══ Data extracts ══

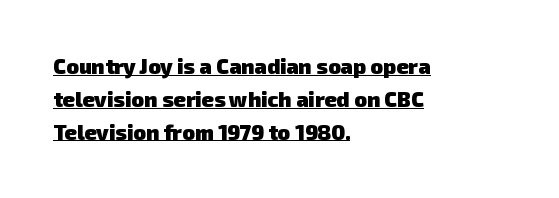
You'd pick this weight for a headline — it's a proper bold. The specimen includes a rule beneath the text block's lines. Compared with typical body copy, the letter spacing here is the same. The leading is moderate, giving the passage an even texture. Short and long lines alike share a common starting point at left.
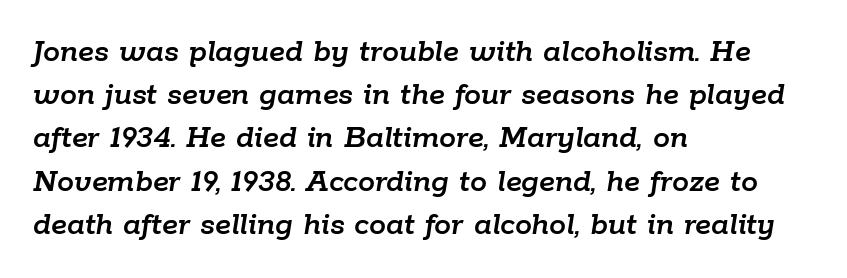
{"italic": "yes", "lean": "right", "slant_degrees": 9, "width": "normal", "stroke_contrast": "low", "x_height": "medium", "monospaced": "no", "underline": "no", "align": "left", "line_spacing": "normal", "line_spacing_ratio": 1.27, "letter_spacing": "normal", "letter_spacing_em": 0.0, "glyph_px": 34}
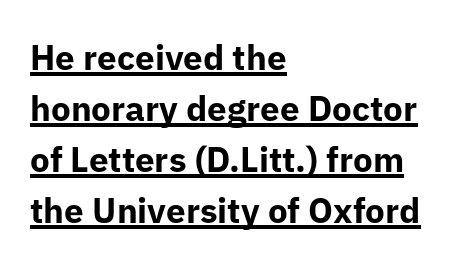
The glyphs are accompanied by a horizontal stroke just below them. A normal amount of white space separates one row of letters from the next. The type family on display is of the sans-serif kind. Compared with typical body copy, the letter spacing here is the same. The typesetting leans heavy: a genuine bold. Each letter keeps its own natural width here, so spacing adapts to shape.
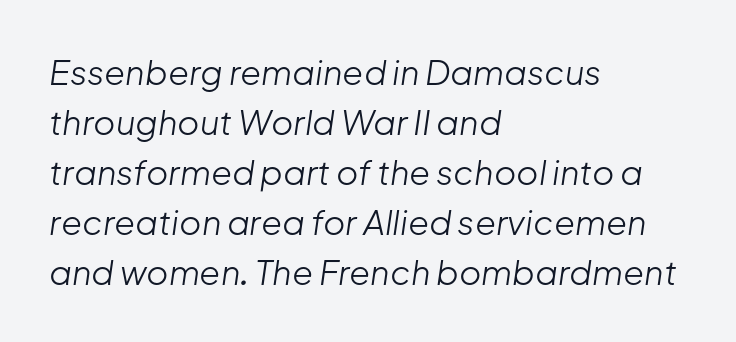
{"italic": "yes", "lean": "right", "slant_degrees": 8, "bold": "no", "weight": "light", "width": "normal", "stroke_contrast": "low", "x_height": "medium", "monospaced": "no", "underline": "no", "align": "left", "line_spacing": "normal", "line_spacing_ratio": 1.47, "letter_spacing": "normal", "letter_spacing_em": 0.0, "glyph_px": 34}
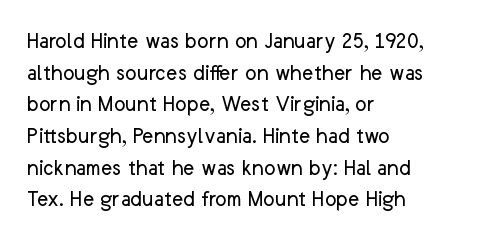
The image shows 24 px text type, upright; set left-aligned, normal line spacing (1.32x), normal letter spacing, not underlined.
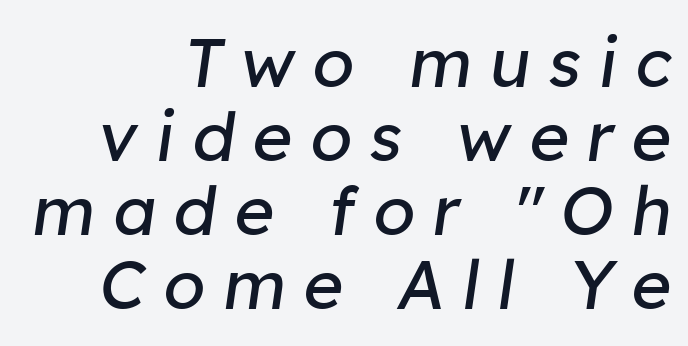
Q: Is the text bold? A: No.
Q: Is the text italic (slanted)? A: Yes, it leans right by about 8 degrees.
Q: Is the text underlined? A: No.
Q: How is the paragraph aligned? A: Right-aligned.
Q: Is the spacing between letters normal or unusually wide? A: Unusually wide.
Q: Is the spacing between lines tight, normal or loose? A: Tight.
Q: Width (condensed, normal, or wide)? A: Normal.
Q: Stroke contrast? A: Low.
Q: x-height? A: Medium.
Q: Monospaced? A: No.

═══

## Aim of the task
If a record holds a picture, skip the picture and write out everything else exactly.

## Reply to the task
You'd pick this weight for a headline — it's a proper bold. The specimen includes a rule beneath the text block's lines. Compared with typical body copy, the letter spacing here is the same. The leading is moderate, giving the passage an even texture. Short and long lines alike share a common starting point at left.
{"italic": "yes", "lean": "right", "slant_degrees": 9, "width": "normal", "stroke_contrast": "low", "x_height": "medium", "monospaced": "no", "underline": "no", "align": "left", "line_spacing": "normal", "line_spacing_ratio": 1.27, "letter_spacing": "normal", "letter_spacing_em": 0.0, "glyph_px": 34}
The glyphs are accompanied by a horizontal stroke just below them. A normal amount of white space separates one row of letters from the next. The type family on display is of the sans-serif kind. Compared with typical body copy, the letter spacing here is the same. The typesetting leans heavy: a genuine bold. Each letter keeps its own natural width here, so spacing adapts to shape.
{"italic": "yes", "lean": "right", "slant_degrees": 8, "bold": "no", "weight": "light", "width": "normal", "stroke_contrast": "low", "x_height": "medium", "monospaced": "no", "underline": "no", "align": "left", "line_spacing": "normal", "line_spacing_ratio": 1.47, "letter_spacing": "normal", "letter_spacing_em": 0.0, "glyph_px": 34}
The image shows 24 px text type, upright; set left-aligned, normal line spacing (1.32x), normal letter spacing, not underlined.
Q: Is the text bold? A: No.
Q: Is the text italic (slanted)? A: Yes, it leans right by about 8 degrees.
Q: Is the text underlined? A: No.
Q: How is the paragraph aligned? A: Right-aligned.
Q: Is the spacing between letters normal or unusually wide? A: Unusually wide.
Q: Is the spacing between lines tight, normal or loose? A: Tight.
Q: Width (condensed, normal, or wide)? A: Normal.
Q: Stroke contrast? A: Low.
Q: x-height? A: Medium.
Q: Monospaced? A: No.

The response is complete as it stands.